Depois de nove meses de uma alegre espera, a visita ao espelho pode não ser tão feliz assim. Após a gestação, muitas mulheres se deparam com a balança acusando alguns quilos a mais, além de estrias, manchas, flacidez e seios caídos. Mas o que levaria muitas ao desespero, hoje, pode ser resolvido com uma aliada eficaz: a cirurgia plástica. Lipoaspiração, abdominoplastia, mamoplastia e cirurgias íntimas prometem devolver à mamãe o corpinho de antes da gravidez, ou até melhor!
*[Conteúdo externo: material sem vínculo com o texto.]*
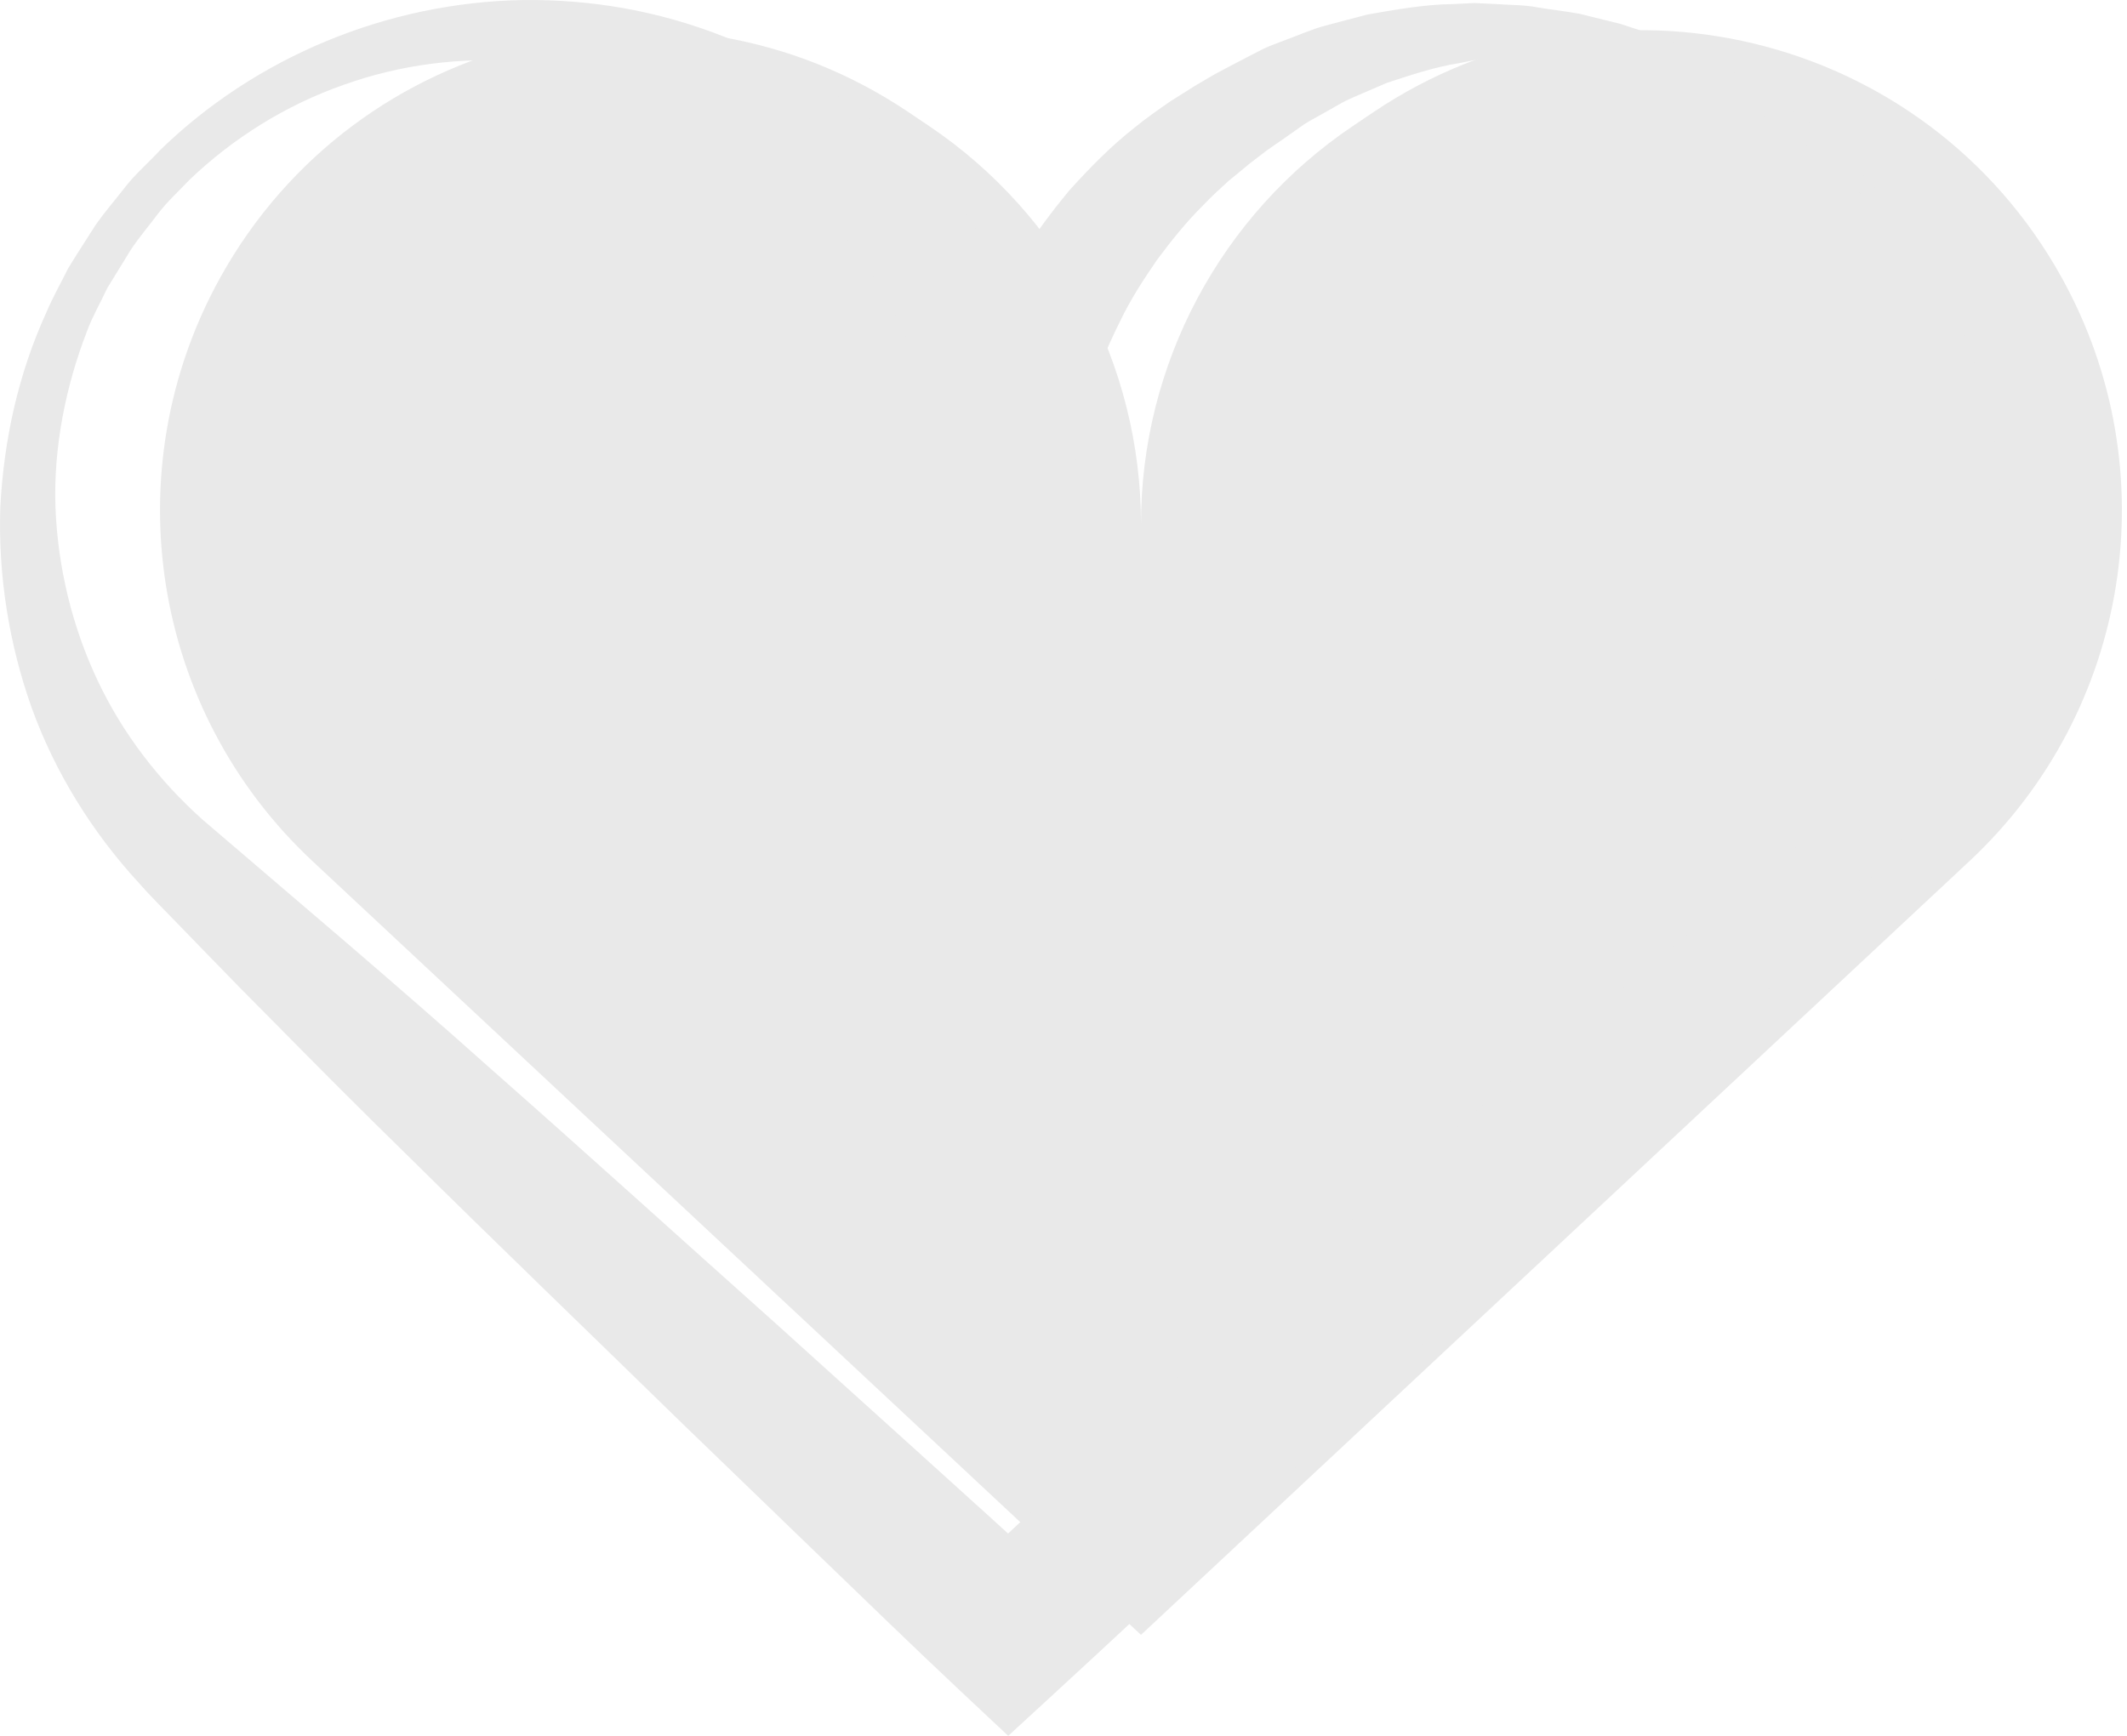 <svg width="49" height="40" viewBox="0 0 49 40" fill="none" xmlns="http://www.w3.org/2000/svg">
<path d="M47.494 6.394C44.349 0.723 37.022 -1.038 31.642 2.583L31.169 2.902C28.115 4.958 26.285 8.398 26.285 12.078C26.285 8.398 24.454 4.958 21.401 2.902L20.927 2.583C15.547 -1.038 8.221 0.723 5.075 6.394C2.613 10.833 3.488 16.378 7.198 19.843L26.285 37.673L45.371 19.843C49.081 16.378 49.956 10.833 47.494 6.394Z" fill="#E9E9E9"/>
<path d="M44.313 6.477C43.979 5.957 43.668 5.412 43.271 4.96L42.987 4.607C42.887 4.493 42.772 4.391 42.666 4.282C42.444 4.074 42.247 3.84 42.005 3.654L41.289 3.092L40.519 2.608C40.271 2.433 39.978 2.335 39.712 2.196C39.575 2.133 39.441 2.063 39.303 2.006L38.877 1.855C38.316 1.637 37.723 1.523 37.141 1.405L36.257 1.295C35.961 1.277 35.664 1.275 35.37 1.271C35.076 1.252 34.782 1.309 34.49 1.327L34.054 1.368L33.624 1.454C33.049 1.542 32.497 1.732 31.953 1.908L31.164 2.248C30.901 2.358 30.662 2.521 30.412 2.653C30.29 2.724 30.163 2.786 30.045 2.864L29.698 3.109C29.462 3.28 29.247 3.409 28.993 3.612L28.809 3.754L28.763 3.79L28.74 3.807C28.713 3.826 28.77 3.786 28.762 3.792L28.756 3.797L28.745 3.806L28.655 3.88L28.296 4.175C28.08 4.372 27.91 4.528 27.714 4.733C27.322 5.124 26.976 5.554 26.651 5.994C26.341 6.445 26.043 6.903 25.808 7.394C25.565 7.88 25.347 8.378 25.191 8.896C25.018 9.408 24.894 9.935 24.812 10.467C24.72 10.999 24.689 11.537 24.676 12.076H21.802C21.793 10.799 21.579 9.517 21.106 8.318C20.653 7.113 19.962 5.987 19.079 5.016C18.625 4.531 18.154 4.106 17.596 3.679L17.376 3.512L17.321 3.47L17.307 3.46C17.324 3.47 17.251 3.423 17.341 3.48L17.312 3.461L17.198 3.384L16.741 3.074C16.591 2.977 16.432 2.855 16.29 2.777L15.868 2.552C14.727 1.936 13.366 1.52 12.004 1.421C10.634 1.307 9.223 1.486 7.908 1.958C6.59 2.422 5.372 3.178 4.359 4.15C4.118 4.405 3.856 4.642 3.643 4.921C3.433 5.203 3.203 5.469 3.01 5.761L2.47 6.641C2.318 6.969 2.124 7.304 2.007 7.626C1.513 8.896 1.229 10.315 1.278 11.694C1.332 13.079 1.664 14.441 2.245 15.673C2.824 16.906 3.667 17.991 4.658 18.88L7.987 21.728C9.101 22.686 10.211 23.65 11.306 24.629C13.51 26.572 15.686 28.546 17.877 30.503L21.147 33.457C22.236 34.444 23.33 35.424 24.405 36.424H22.073C24.539 34.085 27.04 31.783 29.568 29.511C30.83 28.373 32.094 27.237 33.382 26.126C34.022 25.567 34.67 25.016 35.325 24.473L37.284 22.836C38.606 21.762 39.927 20.686 41.26 19.625L41.509 19.425L41.634 19.325L41.697 19.275L41.728 19.25L41.743 19.238L41.751 19.231C41.759 19.224 41.708 19.274 41.733 19.25L42.214 18.829L42.451 18.619L42.65 18.413C42.782 18.275 42.919 18.142 43.051 17.997C43.564 17.389 44.051 16.738 44.415 16.012C44.774 15.287 45.095 14.527 45.279 13.724C45.468 12.926 45.581 12.098 45.558 11.268C45.566 10.851 45.519 10.438 45.476 10.023C45.454 9.816 45.402 9.614 45.367 9.408C45.328 9.203 45.292 8.997 45.229 8.798C45.037 7.983 44.68 7.219 44.308 6.471L44.313 6.477ZM44.588 6.315C44.991 7.075 45.355 7.862 45.593 8.694C45.84 9.521 46.015 10.376 46.074 11.244C46.123 11.677 46.105 12.112 46.114 12.55C46.108 12.768 46.086 12.986 46.072 13.205C46.062 13.424 46.036 13.642 45.999 13.858C45.905 14.735 45.663 15.591 45.366 16.43C45.053 17.264 44.646 18.068 44.162 18.834C44.034 19.026 43.892 19.213 43.755 19.404L43.546 19.689L43.339 19.935L42.927 20.423L42.469 20.918C41.319 22.177 40.157 23.421 38.995 24.667L37.229 26.51C36.642 27.127 36.048 27.735 35.447 28.337C34.251 29.545 33.031 30.729 31.81 31.91C29.372 34.279 26.905 36.617 24.404 38.917L23.227 40L22.073 38.917C21.003 37.912 19.95 36.888 18.892 35.868L15.723 32.807C13.621 30.754 11.504 28.718 9.414 26.651C8.363 25.625 7.326 24.583 6.294 23.536C5.776 23.016 5.26 22.492 4.75 21.963L3.982 21.171C3.722 20.899 3.478 20.665 3.202 20.35C2.115 19.168 1.261 17.785 0.726 16.299C0.199 14.81 -0.044 13.239 0.007 11.686C0.09 10.128 0.419 8.619 1.073 7.187C1.227 6.827 1.403 6.524 1.567 6.189C1.787 5.827 1.983 5.531 2.193 5.199C2.41 4.884 2.665 4.595 2.899 4.292C3.136 3.99 3.431 3.741 3.69 3.458C5.889 1.318 8.913 0.057 12.042 0.001C13.614 -0.018 15.168 0.245 16.696 0.851L17.274 1.088C17.462 1.169 17.607 1.258 17.775 1.342L18.264 1.599L18.386 1.662L18.416 1.679L18.494 1.726L18.553 1.762L18.79 1.903C19.446 2.3 20.144 2.771 20.739 3.317C21.942 4.41 22.959 5.744 23.629 7.255C24.315 8.758 24.662 10.417 24.675 12.076H21.801C21.817 11.378 21.85 10.676 21.985 9.988C22.111 9.301 22.285 8.621 22.531 7.968C22.77 7.312 23.077 6.683 23.424 6.081C23.775 5.48 24.192 4.923 24.632 4.39C25.096 3.877 25.578 3.382 26.118 2.956C26.378 2.742 26.698 2.517 26.968 2.331L27.361 2.084L27.46 2.022L27.512 1.987L27.537 1.972L27.588 1.943L27.788 1.825C28.04 1.67 28.373 1.509 28.663 1.353L29.113 1.121C29.265 1.049 29.427 0.995 29.583 0.933C29.901 0.819 30.206 0.677 30.531 0.591L31.5 0.335C32.159 0.221 32.811 0.102 33.472 0.094L33.964 0.07L34.456 0.093C34.783 0.119 35.11 0.108 35.432 0.172C35.754 0.226 36.077 0.259 36.394 0.319L37.335 0.552C37.948 0.749 38.557 0.953 39.128 1.243L39.562 1.442C39.703 1.516 39.838 1.601 39.976 1.68C40.246 1.849 40.535 1.984 40.786 2.179L41.556 2.734L42.268 3.358C42.51 3.559 42.708 3.809 42.929 4.032C43.035 4.148 43.148 4.257 43.248 4.38L43.537 4.756C43.953 5.245 44.252 5.782 44.583 6.306L44.588 6.315Z" fill="#E9E9E9"/>
</svg>

Durante a gestação, as mudanças físicas e emocionais são visíveis - alterações hormonais e cardiovasculares, aumento de peso, distensão do abdômen em virtude do crescimento do útero, variações de humor, aumento das mamas. E nem sempre, após o nascimento do bebê, o corpo da mulher volta ao "normal". Dentre todas as reclamações femininas, três figuram entre as maiores preocupações pós-parto: "As mulheres se queixam do depósito de gordura acumulada durante a gravidez, da flacidez do abdômen e da diminuição e queda da mama", revela o cirurgião plástico José Carlos de Carvalho. No entanto, cirurgias íntimas e de remoção de glândulas mamárias acessórias também estão entre os procedimentos procurados pelas mamães.
Tudo ao seu tempo
Mas antes de sair correndo para agendar a sua plástica, é bom saber que há o momento certo para se submeter a elas. "Esse tipo de cirurgia só deve ser feito seis meses após o parto, quando o organismo da mulher já se restabeleceu e é possível verificar como o corpo ficará. Antes desse data, a cirurgia é um absurdo", esclarece o ginecologista e obstetra Soubhi Kahhale, do Hospital e Maternidade São Luiz. "Já a cirurgia de mama só pode ser realizada três meses após o término da amamentação", acrescenta José Carlos Carvalho. O cirurgião plástico Wandler de Pádua é mais cauteloso e acredita que as cirurgias só devem ser realizadas um ano após o parto. "Antes disso, a mulher deve vivenciar intensamente os primeiros meses de vida da criança. Deve voltar às atividades físicas e fazer uma reeducação alimentar", aconselha o cirurgião.
E se você sonha em se submeter à plástica mas desistiu porque ainda pensa em engravidar novamente, temos uma boa notícia: "A mulher que teve filho, fez correção plástica e engravidou de novo mantém os resultados da cirurgia. Se tiver feito plástica no abdômen, por exemplo, ele irá distender pouco, suportando melhor a gravidez que um abdômen sem cirurgia. Já quem fez reposicionamento da mama ou colocou prótese de silicone, mesmo que ela involua após a amamentação, não terá queda", afirma o cirurgião plástico.
O procedimento ideal
Diante de tantas alterações no corpo durante a gravidez, como encontrar o procedimento mais correto para cada caso? No caso de involução (diminuição) mamária e queda, o procedimento recomendado pelos cirurgiões é a suspensão dos seios através da mamoplastia. Ela pode ser feita com ou sem próteses. Para quem deseja apenas aumentar os seios, a própria gestação pode ser uma solução natural. "Há dois tipos de mamas: as pequenas que crescem e ficam bonitas durante a gravidez, mas involuem e sofrem uma pequena queda depois, e as mamas grandes que amamentam e, mesmo após a amamentação, continuam com um tamanho maior", diz José Carlos. Por isso, o jeito é esperar e ficar na torcida!
Já no abdômen, as alterações mais freqüentes são flacidez e excesso de gordura. Nesses casos, recomenda-se a abdominoplastia e a lipoaspiração, respectivamente. "Em caso de flacidez abdominal, há dois procedimentos: a dermolipectomia, quando o excesso de pele na região é grande, e as mini-plásticas de abdômen, quando a sobra é pequena", explica o especialista. Há ainda um outro caso muito comum entre as gestantes - a flacidez muscular do abdômen. Durante os nove meses de gravidez, os músculos dessa região se afastam da linha média para projeção do útero e podem não voltar mais à posição original. Aí é preciso fazer uma cirurgia de reaproximação desses músculos.
Também muito procuradas, as plásticas genitais "corrigem problemas como excesso de gordura no monte-de-vênus ou nos grandes lábios, pigmentação dos pequenos lábios e da mucosa vaginal, além de esgarçamento do períneo, muito comum em partos normais", como revela José Carlos de Carvalho. E você já ouviu falar em glândulas mamárias acessórias? Algumas mulheres apresentam tecido mamário excedente nas axilas e, após o parto, elas tendem a doer e causar desconforto, pois incham na tentativa de produzir leite. Nesses casos, as pacientes são submetidas a cirurgias para retirada dessas glândulas.